Richtlijn 85/374/EEG betreffende de onderlinge aanpassing van de wettelijke en bestuursrechtelijke bepalingen der Lid-Staten inzake de aansprakelijkheid voor produkten met gebreken
Artikel 15
Geldend
Geldend van 04-06-1999 tot 09-12-2026
- Bronpublicatie:
10-05-1999, PbEG 1999, L 141 (uitgifte: 01-01-1999, regelingnummer: 1999/34/EG)
- Inwerkingtreding
04-06-1999
- Bronpublicatie inwerkingtreding:
10-05-1999, PbEG 1999, L 141 (uitgifte: 01-01-1999, regelingnummer: 1999/34/EG)
- Vakgebied(en)
EU-recht / Bijzondere onderwerpen
Vervoersrecht / Algemeen
1.
Elke Lid-Staat kan:
- a)
vervallen;
- b)
in afwijking van artikel 7, sub e), in zijn wetgeving de bepaling handhaven of, met inachtneming van de in lid 2 beschreven procedure, bepalen dat de producent ook aansprakelijk is als hij bewijst dat het op grond van de stand van de wetenschappelijke en technische kennis op het tijdstip waarop hij het produkt in het verkeer bracht, onmogelijk was het bestaan van het gebrek te ontdekken.
2.
De Lid-Staat die de in lid 1, sub b), bedoelde maatregel wil invoeren deelt de Commissie de tekst van de voorgenomen maatregel mee; de Commissie stelt de andere Lid-Staten ervan in kennis.
De betrokken Lid-Staat stelt de voorgenomen maatregel uit gedurende een termijn van negen maanden te rekenen vanaf de kennisgeving van de Commissie, mits de Commissie niet inmiddels met betrekking tot de bewuste aangelegenheid aan de Raad een voorstel tot wijziging van deze richtlijn heeft voorgelegd.

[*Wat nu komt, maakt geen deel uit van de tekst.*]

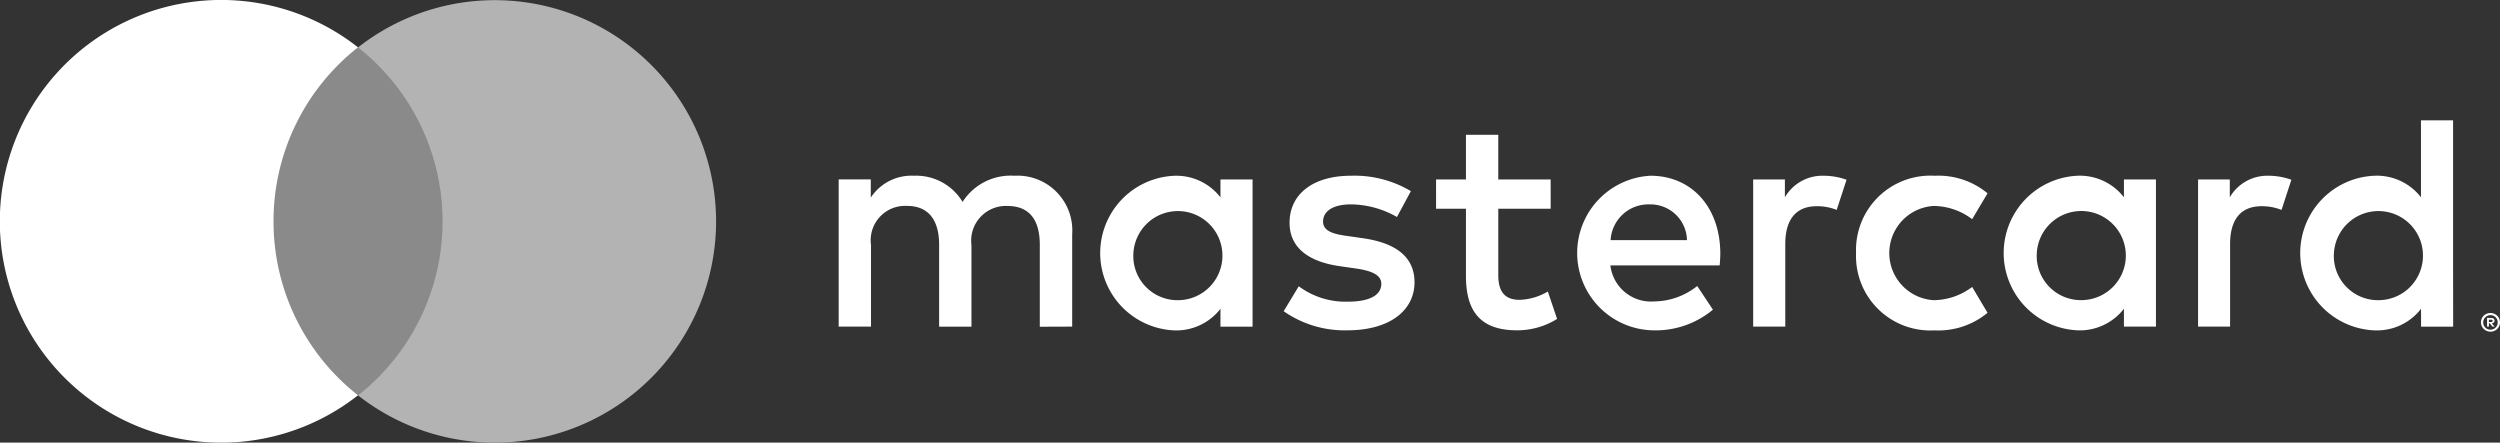 <svg xmlns="http://www.w3.org/2000/svg" width="147.959" height="26.195" viewBox="0 0 147.959 26.195"><rect x="0" y="0" width="147.959" height="26.195" fill="#333333" stroke="none"/><g transform="translate(0 0)"><rect width="11.46" height="20.594" transform="translate(15.461 2.8)" fill="#8a8a8a"/><path d="M206.839,283.1a13.074,13.074,0,0,1,5-10.3,13.1,13.1,0,1,0,0,20.594A13.074,13.074,0,0,1,206.839,283.1Z" transform="translate(-190.651 -269.999)" fill="#fff"/><path d="M270.088,283.1a13.1,13.1,0,0,1-21.19,10.3,13.1,13.1,0,0,0,0-20.594,13.1,13.1,0,0,1,21.19,10.3Z" transform="translate(-227.707 -270)" fill="#b3b3b3"/></g><path d="M344.92,296.778v-5.467a3.242,3.242,0,0,0-3.426-3.462,3.374,3.374,0,0,0-3.061,1.549,3.2,3.2,0,0,0-2.879-1.549A2.88,2.88,0,0,0,333,289.142v-1.075h-1.9v8.71h1.913v-4.829a2.037,2.037,0,0,1,2.132-2.314c1.257,0,1.9.82,1.9,2.3v4.847h1.913v-4.829a2.054,2.054,0,0,1,2.132-2.314c1.294,0,1.913.82,1.913,2.3v4.847Zm28.317-8.71h-3.1v-2.642h-1.913v2.642h-1.768V289.8h1.768v3.972c0,2.023.784,3.225,3.025,3.225a4.453,4.453,0,0,0,2.369-.674l-.547-1.622a3.5,3.5,0,0,1-1.676.492c-.948,0-1.257-.583-1.257-1.458V289.8h3.1Zm16.163-.219a2.569,2.569,0,0,0-2.3,1.276v-1.057h-1.877v8.71h1.9v-4.884c0-1.439.62-2.241,1.859-2.241a3.085,3.085,0,0,1,1.184.219l.583-1.786a4.05,4.05,0,0,0-1.349-.237Zm-24.436.911a6.513,6.513,0,0,0-3.553-.911c-2.2,0-3.626,1.057-3.626,2.788,0,1.421,1.057,2.3,3.006,2.569l.893.128c1.039.146,1.531.419,1.531.911,0,.674-.693,1.057-1.986,1.057a4.641,4.641,0,0,1-2.9-.911l-.893,1.476a6.284,6.284,0,0,0,3.772,1.13c2.515,0,3.972-1.185,3.972-2.843,0-1.531-1.148-2.332-3.043-2.606l-.893-.128c-.82-.109-1.476-.273-1.476-.856,0-.638.619-1.021,1.658-1.021a5.614,5.614,0,0,1,2.715.747Zm50.767-.911a2.569,2.569,0,0,0-2.3,1.276v-1.057h-1.877v8.71h1.895v-4.884c0-1.439.62-2.241,1.859-2.241a3.086,3.086,0,0,1,1.185.219l.583-1.786a4.05,4.05,0,0,0-1.348-.237Zm-24.418,4.574A4.4,4.4,0,0,0,395.96,297a4.562,4.562,0,0,0,3.134-1.039l-.911-1.531a3.827,3.827,0,0,1-2.278.783,2.793,2.793,0,0,1,0-5.576,3.828,3.828,0,0,1,2.278.783l.911-1.531a4.563,4.563,0,0,0-3.134-1.039,4.4,4.4,0,0,0-4.647,4.574Zm17.748,0v-4.355h-1.895v1.057a3.3,3.3,0,0,0-2.752-1.276,4.579,4.579,0,0,0,0,9.148,3.3,3.3,0,0,0,2.752-1.276v1.057h1.895Zm-7.052,0a2.637,2.637,0,1,1,2.642,2.788A2.613,2.613,0,0,1,402.01,292.423Zm-22.868-4.574a4.578,4.578,0,0,0,.128,9.148,5.3,5.3,0,0,0,3.572-1.221l-.929-1.4a4.15,4.15,0,0,1-2.533.911,2.419,2.419,0,0,1-2.606-2.132h6.469c.018-.237.036-.474.036-.729C383.259,289.707,381.583,287.849,379.141,287.849Zm-.036,1.695a2.163,2.163,0,0,1,2.2,2.114h-4.519A2.242,2.242,0,0,1,379.1,289.544Zm47.541,2.879v-7.854h-1.9v4.555A3.3,3.3,0,0,0,422,287.849,4.579,4.579,0,0,0,422,297a3.3,3.3,0,0,0,2.751-1.276v1.057h1.9Zm2.215,3.551a.556.556,0,0,1,.219.043.569.569,0,0,1,.179.118.558.558,0,0,1,.12.176.543.543,0,0,1,0,.429.561.561,0,0,1-.12.175.583.583,0,0,1-.179.119.546.546,0,0,1-.219.044.563.563,0,0,1-.522-.339.545.545,0,0,1,0-.429.553.553,0,0,1,.3-.295.572.572,0,0,1,.223-.044Zm0,.984a.413.413,0,0,0,.167-.034.441.441,0,0,0,.135-.092.431.431,0,0,0-.135-.7.416.416,0,0,0-.167-.033.43.43,0,0,0-.17.826.429.429,0,0,0,.17.034Zm.033-.69a.234.234,0,0,1,.153.044.147.147,0,0,1,.053.12.139.139,0,0,1-.043.1.2.2,0,0,1-.121.051l.168.194h-.131l-.156-.192h-.05v.192h-.11v-.513Zm-.127.1v.137h.126a.124.124,0,0,0,.069-.017.058.058,0,0,0,.026-.052.057.057,0,0,0-.026-.051.124.124,0,0,0-.069-.017Zm-9.172-3.942a2.637,2.637,0,1,1,2.642,2.788A2.613,2.613,0,0,1,419.594,292.423Zm-64,0v-4.355h-1.9v1.057a3.3,3.3,0,0,0-2.752-1.276,4.579,4.579,0,0,0,0,9.148,3.3,3.3,0,0,0,2.752-1.276v1.057h1.9Zm-7.052,0a2.637,2.637,0,1,1,2.642,2.788,2.613,2.613,0,0,1-2.642-2.788Z" transform="translate(-281.464 -277.448)" fill="#fff"/></svg>

Indien de Commissie echter niet binnen een termijn van drie maanden te rekenen vanaf de ontvangst van bedoelde kennisgeving, aan de betrokken Lid-Staat haar voornemen kenbaar maakt om een dergelijk voorstel bij de Raad in te dienen, kan de voorgenomen maatregel door de Lid-Staat onmiddellijk worden getroffen.
Indien de Commissie binnen de bovengenoemde termijn van negen maanden een dergelijk voorstel tot wijziging van deze richtlijn bij de Raad indient, stelt de betrokken Lid-Staat de voorgenomen maatregel uit gedurende een nieuwe termijn van achttien maanden te rekenen vanaf de indiening van dat voorstel.
3.
Tien jaar na de datum van kennisgeving van deze richtlijn legt de Commissie aan de Raad een verslag voor over de gevolgen van de toepassing door de rechtbanken van artikel 7, sub e), en van lid 1, sub b), van dit artikel voor de bescherming van de consument en de werking van de gemeenschappelijke markt. In het licht van dat verslag besluit de Raad overeenkomstig artikel 100 van het Verdrag op voorstel van de Commissie of artikel 7, sub e), moet vervallen.